[Dataset entries]
------------------------------------------------------------

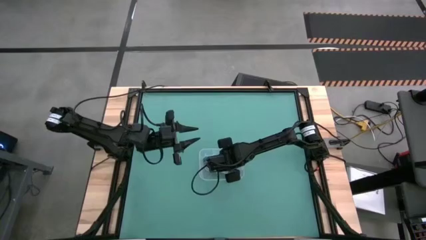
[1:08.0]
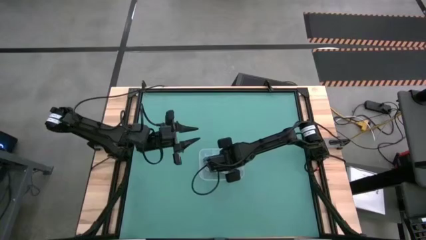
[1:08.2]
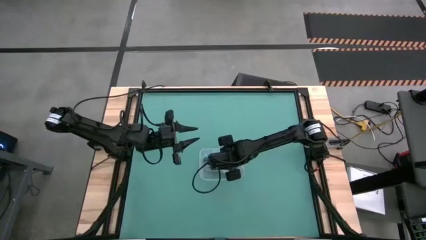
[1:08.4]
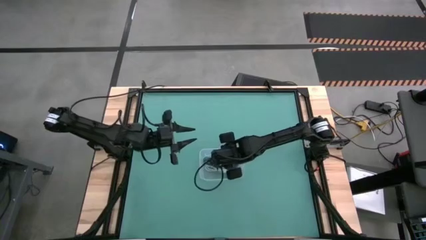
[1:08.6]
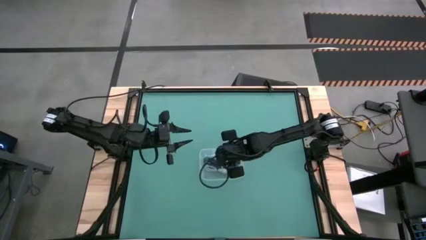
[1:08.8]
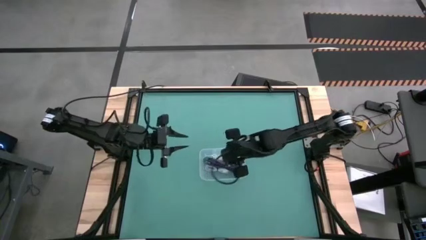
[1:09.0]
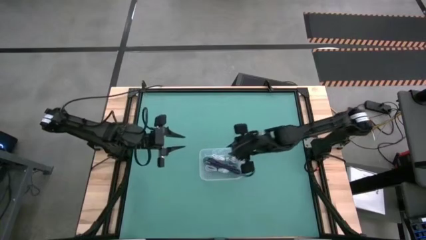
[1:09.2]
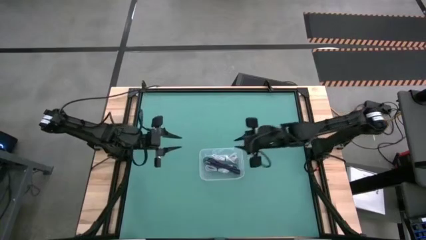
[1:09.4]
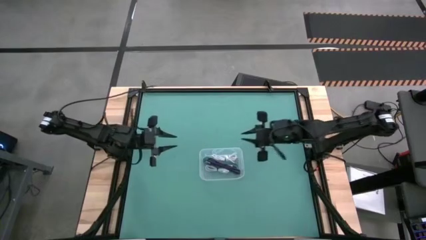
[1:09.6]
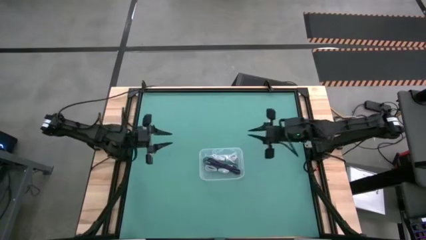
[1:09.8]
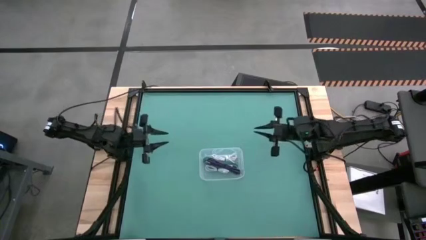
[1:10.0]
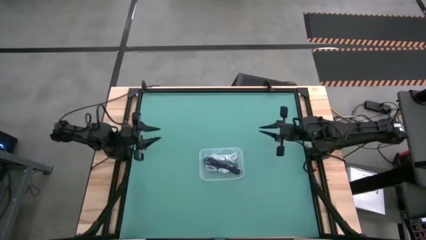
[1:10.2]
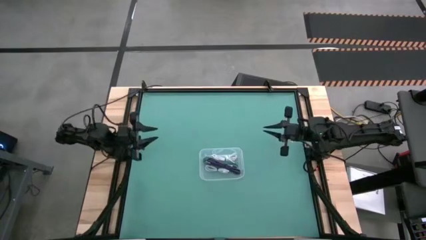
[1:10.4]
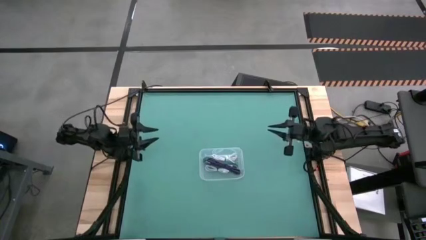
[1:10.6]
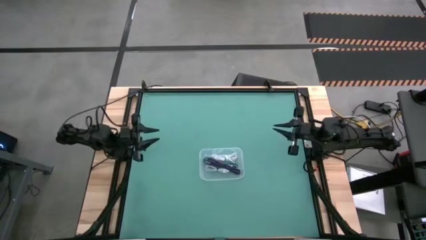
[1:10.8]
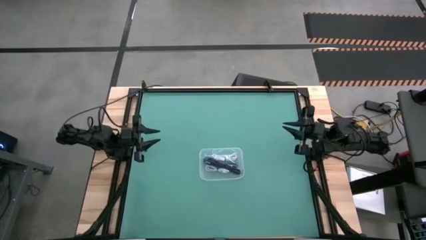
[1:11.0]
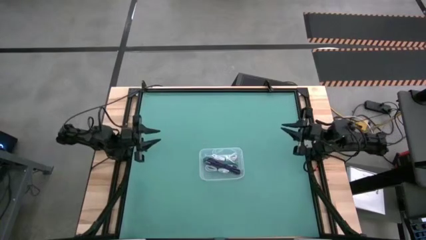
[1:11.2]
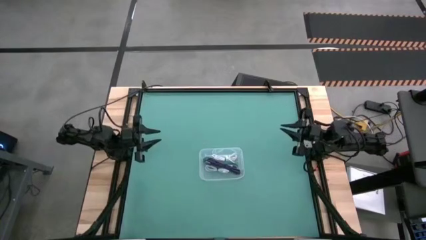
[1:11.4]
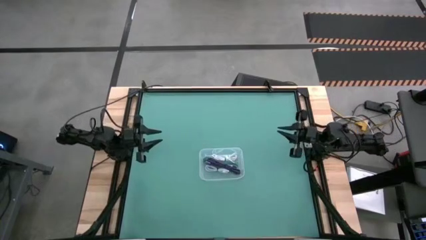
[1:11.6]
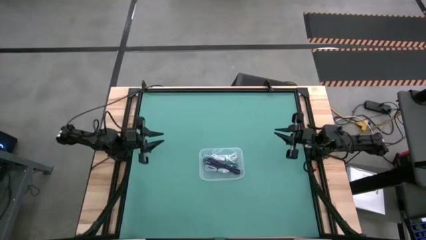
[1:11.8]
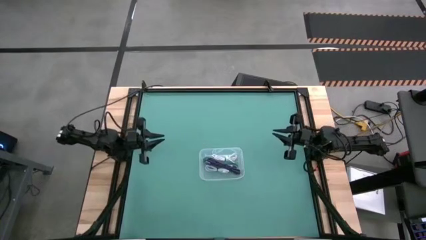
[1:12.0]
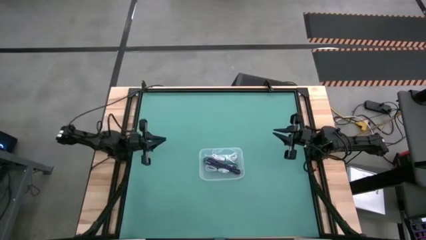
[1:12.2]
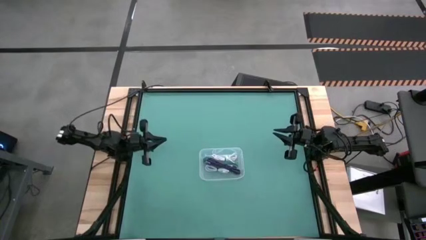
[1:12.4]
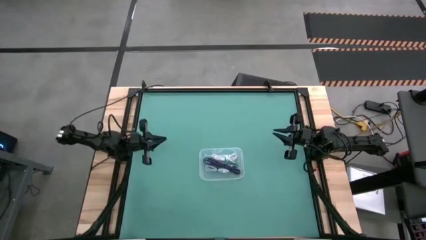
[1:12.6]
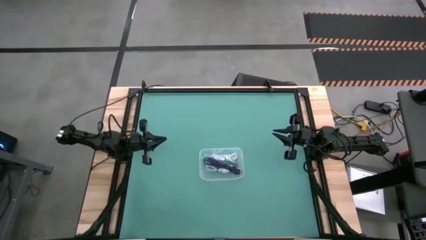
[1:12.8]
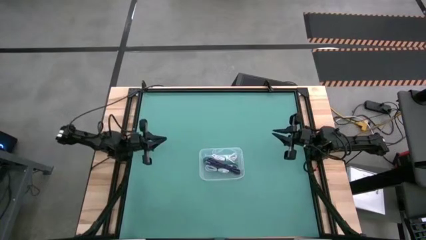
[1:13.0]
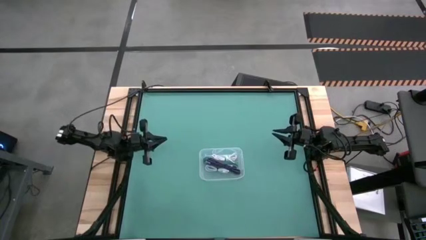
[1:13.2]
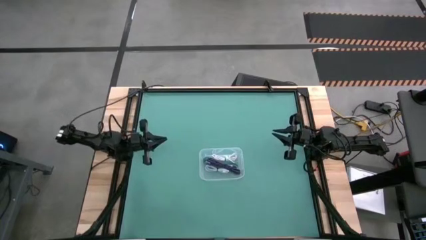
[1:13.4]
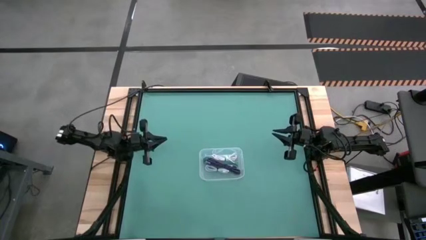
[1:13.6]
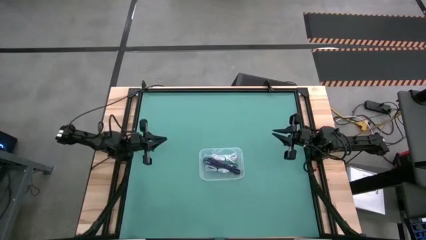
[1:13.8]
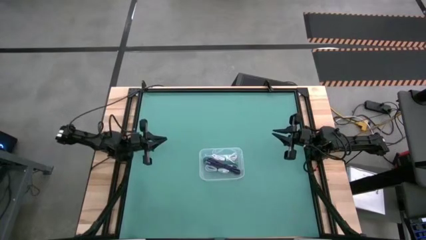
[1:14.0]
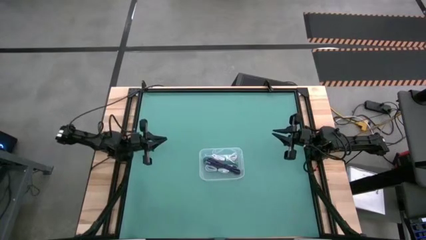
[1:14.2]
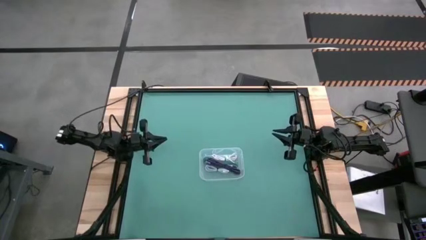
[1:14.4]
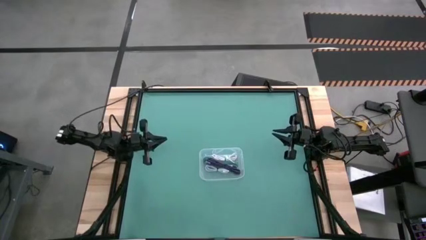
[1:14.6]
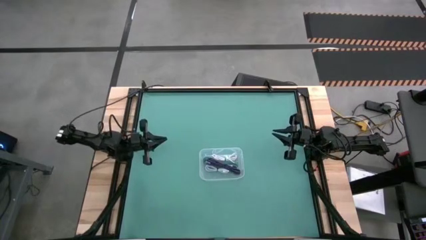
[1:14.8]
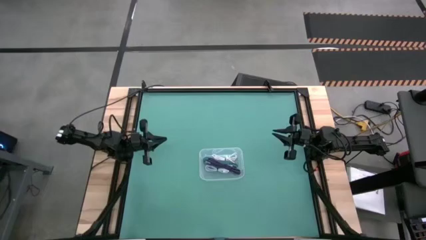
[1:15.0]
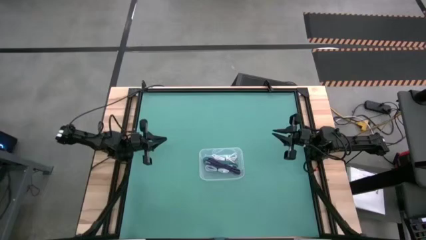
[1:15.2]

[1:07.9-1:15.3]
Task: Pick and place USB-C Cables
Return to Home Position

------------------------------------------------------------

EXERCISE INSTRUCTIONS
When you set down the records above, copy every line exactly and exclude the pictures.

SOLUTION TO THE EXERCISE
[1:08.0]
[1:08.2]
[1:08.4]
[1:08.6]
[1:08.8]
[1:09.0]
[1:09.2]
[1:09.4]
[1:09.6]
[1:09.8]
[1:10.0]
[1:10.2]
[1:10.4]
[1:10.6]
[1:10.8]
[1:11.0]
[1:11.2]
[1:11.4]
[1:11.6]
[1:11.8]
[1:12.0]
[1:12.2]
[1:12.4]
[1:12.6]
[1:12.8]
[1:13.0]
[1:13.2]
[1:13.4]
[1:13.6]
[1:13.8]
[1:14.0]
[1:14.2]
[1:14.4]
[1:14.6]
[1:14.8]
[1:15.0]
[1:15.2]

[1:07.9-1:15.3]
Task: Pick and place USB-C Cables
Return to Home Position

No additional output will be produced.